In tomcat5.5, GetParameter gets the parameters passed by the Get method or hyperlink by default, the iso8859-1 is used for decoding, such as the request that the browser sends the UTF-8 encoding, tomcat5.5 the getparameter uses the iso8859-1 to decode, and the result is wrong. , if you want to get the correct value, you need to use UTF-8 to decode the tomcat5.5 getparameter, by setting uriencoding= "UTF-8" or usebodyencodingforuri= "true", It allows Tomcat to use UTF-8 decoding (usebodyencodingforuri= "true" for the decoded character set using the same character set as the page encoding), if it is not configured and needs to get the correct value, GetParameter. You need the program to turn the code, because the GetParameter is decoded by Iso8859-1, all first by GetParameter (). GetBytes ("iso8859-1") encoded into the original byte array, and then decoded to a string using the UTF-8 character set    : New String (GetParameter (). GetBytes ("Iso8859-1"), "UTF-8") 3. Set the browser's page encoding

The server sent to the browser is also encoded into a stream of bytes in the network transmission, the browser received a byte stream after the use of the specified character set decoded into a string again to show, if the two links of the character set inconsistency will lead to garbled problems,

For example, static HTML files or JSP are saved in UTF-8, you need to tell the browser to use UTF-8 to decode,

If it is JSP can pass <%@ page contenttype= "text/html;" Charset=utf-8 "Language=" Java%> to set up, static files can be <meta http-equiv= "Content-type" content= text/html; Charset=utf-8 "/> is set, if the output is directly in the servlet, you can pass response.setcharacterencoding (" UTF-8 "), setContentType (" text/html ; Charset=utf-8 "), SetHeader (" Content-type "," Text/html;charset=utf-8 ") set,

These operations are equivalent to adding "content-type:text/html;charset=utf-8" information to the head of the response,

The encoding information in the header is given precedence over the HTML META tag, which means that if the setContentType ("Text/html;charset=utf-8") is set in the Serlvet, the JSP sets the <meta http-equiv= "Content-type" content= "text/html; CHARSET=GBK "/> The browser will decode according to the UTF-8 character set,

Contact Us

The content source of this page is from Internet, which doesn't represent Alibaba Cloud's opinion; products and services mentioned on that page don't have any relationship with Alibaba Cloud. If the content of the page makes you feel confusing, please write us an email, we will handle the problem within 5 days after receiving your email.

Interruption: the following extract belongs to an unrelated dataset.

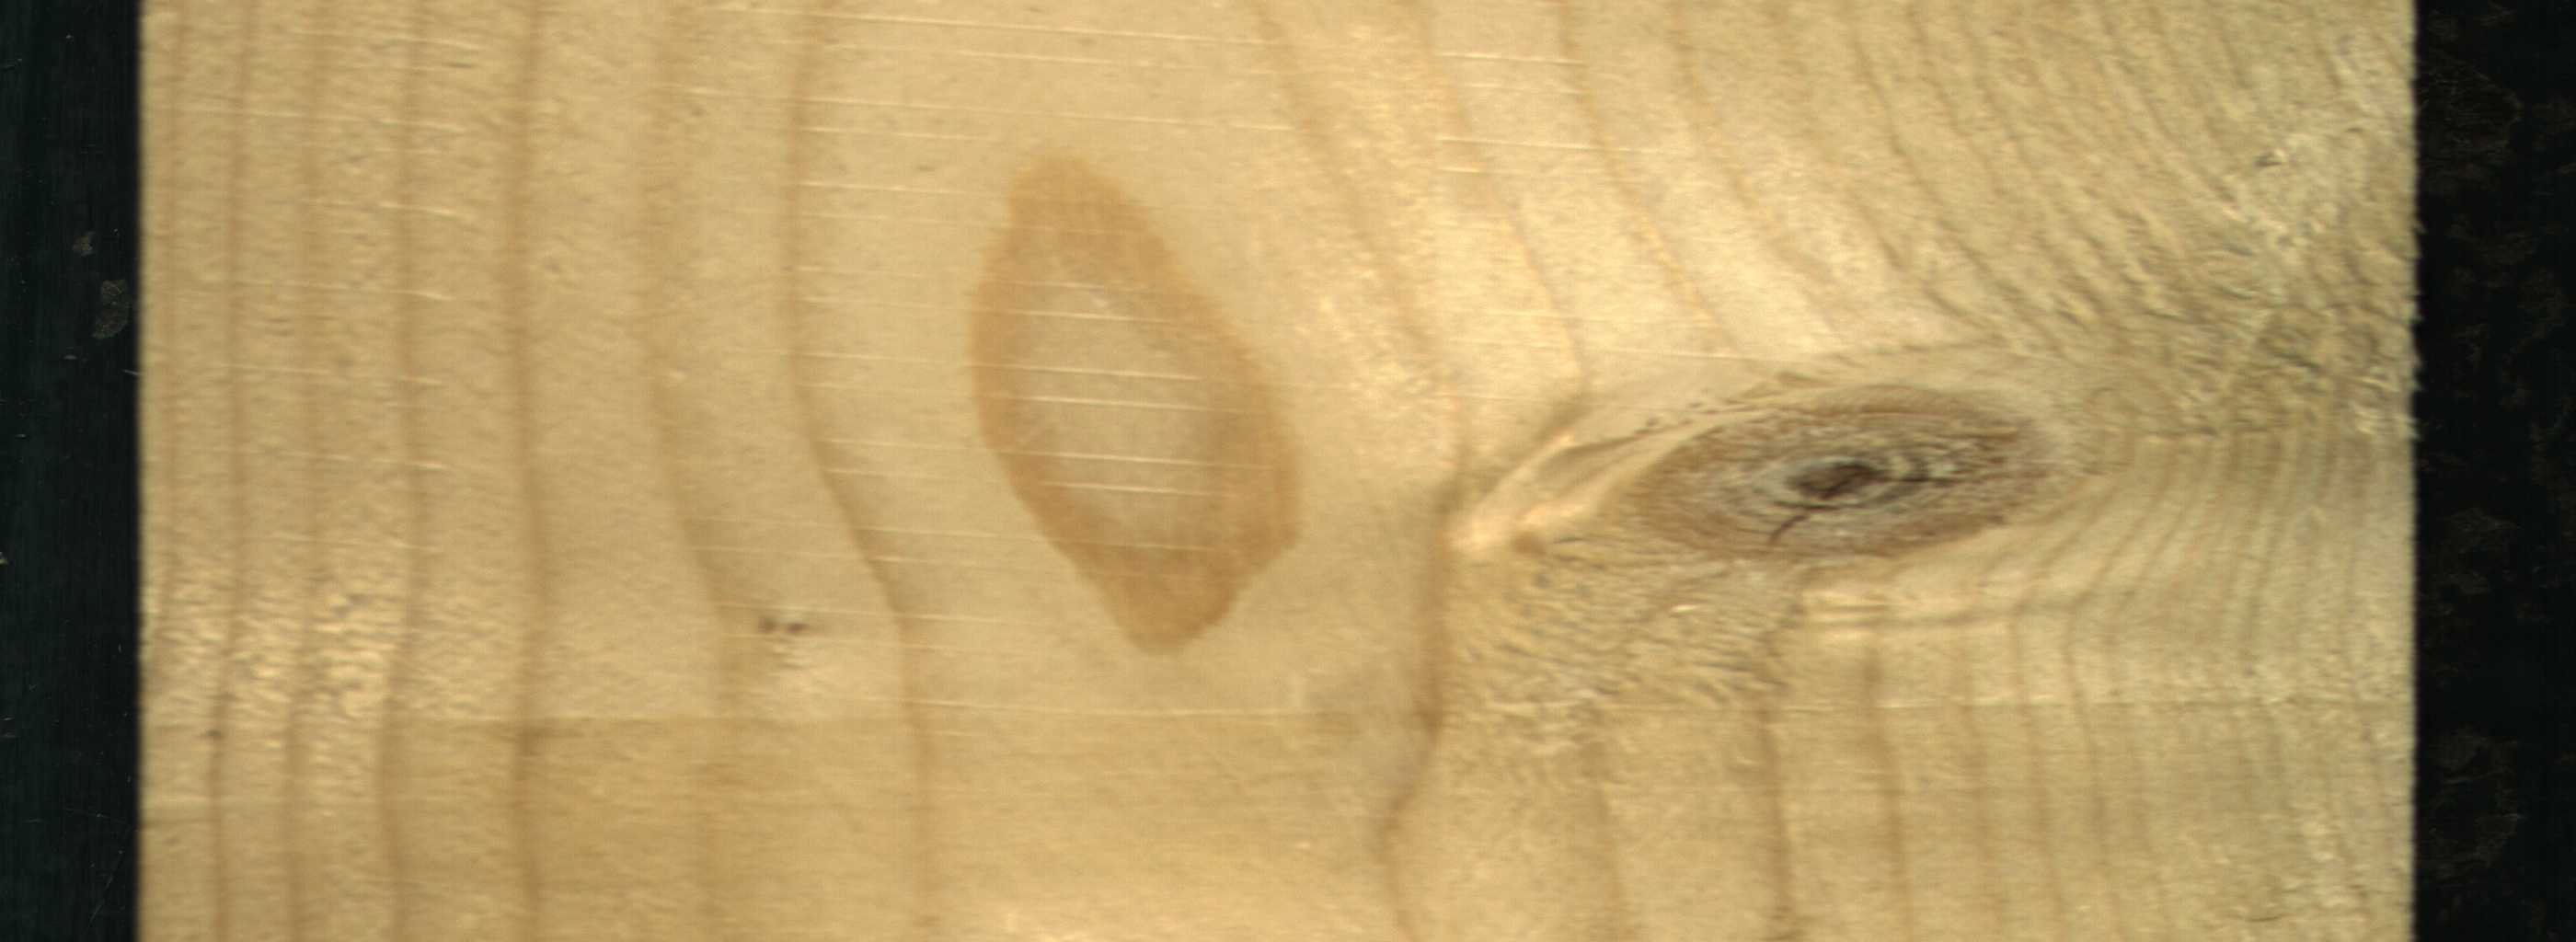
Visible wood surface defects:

If you find any instances of plagiarism from the community, please send an email to: info-contact@alibabacloud.com and provide relevant evidence. A staff member will contact you within 5 working days.

A Free Trial That Lets You Build Big!

Start building with 50+ products and up to 12 months usage for Elastic Compute Service

  • Sales Support

    1 on 1 presale consultation

  • After-Sales Support

    24/7 Technical Support 6 Free Tickets per Quarter Faster Response

  • Alibaba Cloud offers highly flexible support services tailored to meet your exact needs.